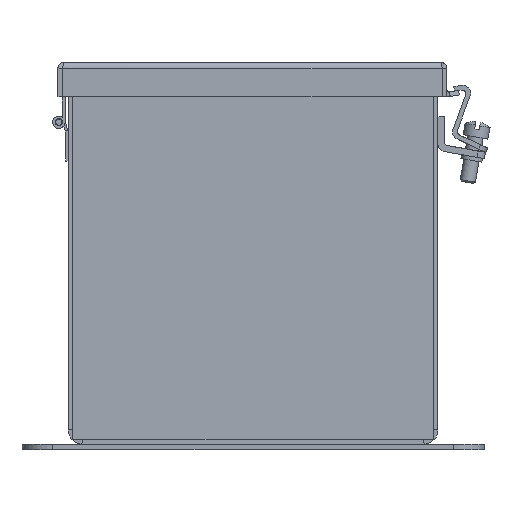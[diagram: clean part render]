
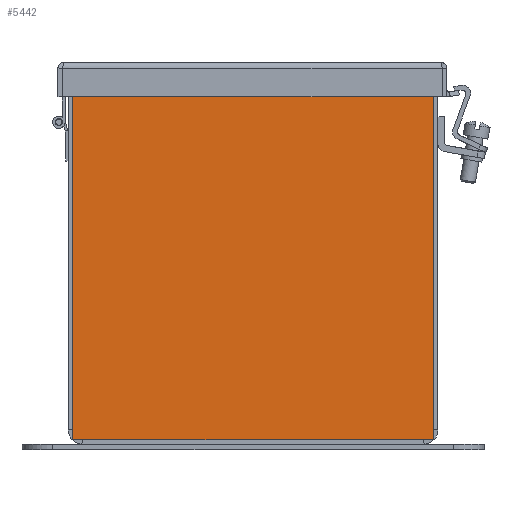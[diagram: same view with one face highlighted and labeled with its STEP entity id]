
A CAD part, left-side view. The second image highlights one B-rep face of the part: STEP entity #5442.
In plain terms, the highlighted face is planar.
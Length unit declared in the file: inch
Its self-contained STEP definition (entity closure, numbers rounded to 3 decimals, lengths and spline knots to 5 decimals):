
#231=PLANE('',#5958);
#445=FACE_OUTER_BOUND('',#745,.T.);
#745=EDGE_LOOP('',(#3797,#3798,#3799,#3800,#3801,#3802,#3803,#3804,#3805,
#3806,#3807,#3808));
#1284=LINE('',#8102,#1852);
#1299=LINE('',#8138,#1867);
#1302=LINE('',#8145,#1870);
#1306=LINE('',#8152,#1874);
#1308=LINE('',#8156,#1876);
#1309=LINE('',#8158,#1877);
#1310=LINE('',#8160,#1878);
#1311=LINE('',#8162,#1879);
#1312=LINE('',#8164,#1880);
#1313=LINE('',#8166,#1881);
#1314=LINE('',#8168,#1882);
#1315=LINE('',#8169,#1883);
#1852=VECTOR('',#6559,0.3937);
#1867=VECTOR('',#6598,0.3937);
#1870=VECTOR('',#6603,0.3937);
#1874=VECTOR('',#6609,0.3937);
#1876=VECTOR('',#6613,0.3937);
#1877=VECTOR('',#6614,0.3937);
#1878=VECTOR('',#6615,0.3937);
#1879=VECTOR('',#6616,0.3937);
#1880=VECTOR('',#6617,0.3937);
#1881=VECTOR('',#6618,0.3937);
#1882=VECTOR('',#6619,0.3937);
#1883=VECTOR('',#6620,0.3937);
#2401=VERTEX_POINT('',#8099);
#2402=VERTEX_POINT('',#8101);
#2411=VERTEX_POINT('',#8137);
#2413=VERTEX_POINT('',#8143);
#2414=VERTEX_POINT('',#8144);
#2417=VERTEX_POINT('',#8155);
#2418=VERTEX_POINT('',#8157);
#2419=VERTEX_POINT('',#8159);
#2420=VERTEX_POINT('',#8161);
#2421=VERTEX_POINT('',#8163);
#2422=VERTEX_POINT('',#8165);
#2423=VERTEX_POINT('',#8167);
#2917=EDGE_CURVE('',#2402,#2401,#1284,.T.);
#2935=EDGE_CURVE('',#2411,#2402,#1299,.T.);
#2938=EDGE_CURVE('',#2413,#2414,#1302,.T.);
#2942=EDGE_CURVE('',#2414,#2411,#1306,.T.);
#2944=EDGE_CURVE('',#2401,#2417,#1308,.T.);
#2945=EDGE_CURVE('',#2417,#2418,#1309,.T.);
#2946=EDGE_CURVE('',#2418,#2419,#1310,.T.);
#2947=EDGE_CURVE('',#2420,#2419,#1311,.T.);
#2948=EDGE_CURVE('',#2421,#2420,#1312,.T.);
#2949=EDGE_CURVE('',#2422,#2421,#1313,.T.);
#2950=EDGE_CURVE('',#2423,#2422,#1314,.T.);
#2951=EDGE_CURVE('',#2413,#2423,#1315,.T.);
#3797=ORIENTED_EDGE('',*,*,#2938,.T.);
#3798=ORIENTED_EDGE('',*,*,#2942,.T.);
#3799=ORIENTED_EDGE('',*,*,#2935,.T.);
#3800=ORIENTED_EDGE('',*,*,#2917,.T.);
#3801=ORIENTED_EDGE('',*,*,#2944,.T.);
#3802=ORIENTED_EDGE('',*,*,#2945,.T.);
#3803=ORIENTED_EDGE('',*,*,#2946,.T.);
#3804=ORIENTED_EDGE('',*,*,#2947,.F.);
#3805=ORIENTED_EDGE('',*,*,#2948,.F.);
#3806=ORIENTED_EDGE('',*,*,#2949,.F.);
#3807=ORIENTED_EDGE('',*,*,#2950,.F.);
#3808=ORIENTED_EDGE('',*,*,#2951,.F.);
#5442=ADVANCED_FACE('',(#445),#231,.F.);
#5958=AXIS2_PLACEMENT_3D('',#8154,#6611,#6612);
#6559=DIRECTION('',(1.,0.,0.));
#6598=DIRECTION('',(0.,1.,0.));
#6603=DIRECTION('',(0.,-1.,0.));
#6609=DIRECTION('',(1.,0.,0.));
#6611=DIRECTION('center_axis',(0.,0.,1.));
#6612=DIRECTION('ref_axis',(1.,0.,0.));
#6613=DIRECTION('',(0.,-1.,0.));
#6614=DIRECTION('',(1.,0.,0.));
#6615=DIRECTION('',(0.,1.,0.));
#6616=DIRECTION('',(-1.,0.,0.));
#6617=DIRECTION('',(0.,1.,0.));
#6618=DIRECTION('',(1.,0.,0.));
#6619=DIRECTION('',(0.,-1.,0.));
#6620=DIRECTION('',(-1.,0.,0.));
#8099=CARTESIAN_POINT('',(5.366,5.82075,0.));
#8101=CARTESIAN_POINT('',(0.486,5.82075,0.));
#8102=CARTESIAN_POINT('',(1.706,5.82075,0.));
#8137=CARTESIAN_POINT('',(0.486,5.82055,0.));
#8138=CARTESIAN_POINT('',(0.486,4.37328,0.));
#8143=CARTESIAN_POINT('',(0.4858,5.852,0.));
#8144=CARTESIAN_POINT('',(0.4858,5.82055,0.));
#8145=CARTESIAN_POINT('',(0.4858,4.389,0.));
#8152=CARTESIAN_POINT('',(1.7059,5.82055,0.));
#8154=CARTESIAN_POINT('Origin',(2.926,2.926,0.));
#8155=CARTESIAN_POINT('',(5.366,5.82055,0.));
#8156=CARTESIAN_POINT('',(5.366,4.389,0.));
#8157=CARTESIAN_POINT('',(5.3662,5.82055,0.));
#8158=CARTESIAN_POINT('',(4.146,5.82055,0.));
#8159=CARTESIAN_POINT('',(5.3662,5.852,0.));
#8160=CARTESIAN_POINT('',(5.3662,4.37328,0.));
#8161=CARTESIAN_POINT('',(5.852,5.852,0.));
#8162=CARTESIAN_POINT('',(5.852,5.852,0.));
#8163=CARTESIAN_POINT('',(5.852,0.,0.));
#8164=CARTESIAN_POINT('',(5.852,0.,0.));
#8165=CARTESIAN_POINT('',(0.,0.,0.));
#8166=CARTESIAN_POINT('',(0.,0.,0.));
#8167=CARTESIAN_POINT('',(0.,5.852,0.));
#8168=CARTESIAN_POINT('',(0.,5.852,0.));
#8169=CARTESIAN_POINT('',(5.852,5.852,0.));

Problem requirements. Would you write out every record word for word, leaving no picture in?

Response to this exercise.
[diagram: clean part render]
[diagram: same view with one face highlighted and labeled with its STEP entity id]
A CAD part, left-side view. The second image highlights one B-rep face of the part: STEP entity #5442.
In plain terms, the highlighted face is planar.
Length unit declared in the file: inch
Its self-contained STEP definition (entity closure, numbers rounded to 3 decimals, lengths and spline knots to 5 decimals):
#231=PLANE('',#5958);
#445=FACE_OUTER_BOUND('',#745,.T.);
#745=EDGE_LOOP('',(#3797,#3798,#3799,#3800,#3801,#3802,#3803,#3804,#3805,
#3806,#3807,#3808));
#1284=LINE('',#8102,#1852);
#1299=LINE('',#8138,#1867);
#1302=LINE('',#8145,#1870);
#1306=LINE('',#8152,#1874);
#1308=LINE('',#8156,#1876);
#1309=LINE('',#8158,#1877);
#1310=LINE('',#8160,#1878);
#1311=LINE('',#8162,#1879);
#1312=LINE('',#8164,#1880);
#1313=LINE('',#8166,#1881);
#1314=LINE('',#8168,#1882);
#1315=LINE('',#8169,#1883);
#1852=VECTOR('',#6559,0.3937);
#1867=VECTOR('',#6598,0.3937);
#1870=VECTOR('',#6603,0.3937);
#1874=VECTOR('',#6609,0.3937);
#1876=VECTOR('',#6613,0.3937);
#1877=VECTOR('',#6614,0.3937);
#1878=VECTOR('',#6615,0.3937);
#1879=VECTOR('',#6616,0.3937);
#1880=VECTOR('',#6617,0.3937);
#1881=VECTOR('',#6618,0.3937);
#1882=VECTOR('',#6619,0.3937);
#1883=VECTOR('',#6620,0.3937);
#2401=VERTEX_POINT('',#8099);
#2402=VERTEX_POINT('',#8101);
#2411=VERTEX_POINT('',#8137);
#2413=VERTEX_POINT('',#8143);
#2414=VERTEX_POINT('',#8144);
#2417=VERTEX_POINT('',#8155);
#2418=VERTEX_POINT('',#8157);
#2419=VERTEX_POINT('',#8159);
#2420=VERTEX_POINT('',#8161);
#2421=VERTEX_POINT('',#8163);
#2422=VERTEX_POINT('',#8165);
#2423=VERTEX_POINT('',#8167);
#2917=EDGE_CURVE('',#2402,#2401,#1284,.T.);
#2935=EDGE_CURVE('',#2411,#2402,#1299,.T.);
#2938=EDGE_CURVE('',#2413,#2414,#1302,.T.);
#2942=EDGE_CURVE('',#2414,#2411,#1306,.T.);
#2944=EDGE_CURVE('',#2401,#2417,#1308,.T.);
#2945=EDGE_CURVE('',#2417,#2418,#1309,.T.);
#2946=EDGE_CURVE('',#2418,#2419,#1310,.T.);
#2947=EDGE_CURVE('',#2420,#2419,#1311,.T.);
#2948=EDGE_CURVE('',#2421,#2420,#1312,.T.);
#2949=EDGE_CURVE('',#2422,#2421,#1313,.T.);
#2950=EDGE_CURVE('',#2423,#2422,#1314,.T.);
#2951=EDGE_CURVE('',#2413,#2423,#1315,.T.);
#3797=ORIENTED_EDGE('',*,*,#2938,.T.);
#3798=ORIENTED_EDGE('',*,*,#2942,.T.);
#3799=ORIENTED_EDGE('',*,*,#2935,.T.);
#3800=ORIENTED_EDGE('',*,*,#2917,.T.);
#3801=ORIENTED_EDGE('',*,*,#2944,.T.);
#3802=ORIENTED_EDGE('',*,*,#2945,.T.);
#3803=ORIENTED_EDGE('',*,*,#2946,.T.);
#3804=ORIENTED_EDGE('',*,*,#2947,.F.);
#3805=ORIENTED_EDGE('',*,*,#2948,.F.);
#3806=ORIENTED_EDGE('',*,*,#2949,.F.);
#3807=ORIENTED_EDGE('',*,*,#2950,.F.);
#3808=ORIENTED_EDGE('',*,*,#2951,.F.);
#5442=ADVANCED_FACE('',(#445),#231,.F.);
#5958=AXIS2_PLACEMENT_3D('',#8154,#6611,#6612);
#6559=DIRECTION('',(1.,0.,0.));
#6598=DIRECTION('',(0.,1.,0.));
#6603=DIRECTION('',(0.,-1.,0.));
#6609=DIRECTION('',(1.,0.,0.));
#6611=DIRECTION('center_axis',(0.,0.,1.));
#6612=DIRECTION('ref_axis',(1.,0.,0.));
#6613=DIRECTION('',(0.,-1.,0.));
#6614=DIRECTION('',(1.,0.,0.));
#6615=DIRECTION('',(0.,1.,0.));
#6616=DIRECTION('',(-1.,0.,0.));
#6617=DIRECTION('',(0.,1.,0.));
#6618=DIRECTION('',(1.,0.,0.));
#6619=DIRECTION('',(0.,-1.,0.));
#6620=DIRECTION('',(-1.,0.,0.));
#8099=CARTESIAN_POINT('',(5.366,5.82075,0.));
#8101=CARTESIAN_POINT('',(0.486,5.82075,0.));
#8102=CARTESIAN_POINT('',(1.706,5.82075,0.));
#8137=CARTESIAN_POINT('',(0.486,5.82055,0.));
#8138=CARTESIAN_POINT('',(0.486,4.37328,0.));
#8143=CARTESIAN_POINT('',(0.4858,5.852,0.));
#8144=CARTESIAN_POINT('',(0.4858,5.82055,0.));
#8145=CARTESIAN_POINT('',(0.4858,4.389,0.));
#8152=CARTESIAN_POINT('',(1.7059,5.82055,0.));
#8154=CARTESIAN_POINT('Origin',(2.926,2.926,0.));
#8155=CARTESIAN_POINT('',(5.366,5.82055,0.));
#8156=CARTESIAN_POINT('',(5.366,4.389,0.));
#8157=CARTESIAN_POINT('',(5.3662,5.82055,0.));
#8158=CARTESIAN_POINT('',(4.146,5.82055,0.));
#8159=CARTESIAN_POINT('',(5.3662,5.852,0.));
#8160=CARTESIAN_POINT('',(5.3662,4.37328,0.));
#8161=CARTESIAN_POINT('',(5.852,5.852,0.));
#8162=CARTESIAN_POINT('',(5.852,5.852,0.));
#8163=CARTESIAN_POINT('',(5.852,0.,0.));
#8164=CARTESIAN_POINT('',(5.852,0.,0.));
#8165=CARTESIAN_POINT('',(0.,0.,0.));
#8166=CARTESIAN_POINT('',(0.,0.,0.));
#8167=CARTESIAN_POINT('',(0.,5.852,0.));
#8168=CARTESIAN_POINT('',(0.,5.852,0.));
#8169=CARTESIAN_POINT('',(5.852,5.852,0.));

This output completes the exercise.